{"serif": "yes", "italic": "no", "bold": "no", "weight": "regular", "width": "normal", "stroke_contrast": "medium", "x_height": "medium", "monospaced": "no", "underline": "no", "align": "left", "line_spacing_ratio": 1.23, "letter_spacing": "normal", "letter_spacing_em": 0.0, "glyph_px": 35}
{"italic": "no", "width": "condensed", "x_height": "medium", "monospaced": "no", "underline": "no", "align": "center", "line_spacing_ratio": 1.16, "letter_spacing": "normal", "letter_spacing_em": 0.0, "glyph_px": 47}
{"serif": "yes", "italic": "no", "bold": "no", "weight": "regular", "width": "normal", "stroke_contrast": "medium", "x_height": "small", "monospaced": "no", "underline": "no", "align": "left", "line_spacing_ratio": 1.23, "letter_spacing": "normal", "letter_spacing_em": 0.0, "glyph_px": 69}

··········

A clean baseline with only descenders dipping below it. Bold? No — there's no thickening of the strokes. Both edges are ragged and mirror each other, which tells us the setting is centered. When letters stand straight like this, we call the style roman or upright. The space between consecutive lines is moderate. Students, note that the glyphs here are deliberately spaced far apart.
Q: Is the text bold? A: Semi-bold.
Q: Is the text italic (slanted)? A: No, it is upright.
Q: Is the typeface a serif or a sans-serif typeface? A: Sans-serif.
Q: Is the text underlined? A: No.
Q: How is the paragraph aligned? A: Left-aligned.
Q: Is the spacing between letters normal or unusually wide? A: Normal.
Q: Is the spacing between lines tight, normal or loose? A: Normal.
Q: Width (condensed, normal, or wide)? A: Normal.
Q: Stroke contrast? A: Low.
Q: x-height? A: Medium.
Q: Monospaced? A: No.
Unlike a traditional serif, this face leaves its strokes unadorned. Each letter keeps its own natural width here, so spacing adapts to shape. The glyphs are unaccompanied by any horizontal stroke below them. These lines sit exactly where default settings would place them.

··········

## WHAT TO PRODUCE
When you reach the line with "Q: Is the typeface" in the records above, start writing out lines exactly, and stop once the line with "Unlike a traditional" has been written; include nothing else.

## EXERCISE OUTPUT
Q: Is the typeface a serif or a sans-serif typeface? A: Sans-serif.
Q: Is the text underlined? A: No.
Q: How is the paragraph aligned? A: Left-aligned.
Q: Is the spacing between letters normal or unusually wide? A: Normal.
Q: Is the spacing between lines tight, normal or loose? A: Normal.
Q: Width (condensed, normal, or wide)? A: Normal.
Q: Stroke contrast? A: Low.
Q: x-height? A: Medium.
Q: Monospaced? A: No.
Unlike a traditional serif, this face leaves its strokes unadorned. Each letter keeps its own natural width here, so spacing adapts to shape. The glyphs are unaccompanied by any horizontal stroke below them. These lines sit exactly where default settings would place them.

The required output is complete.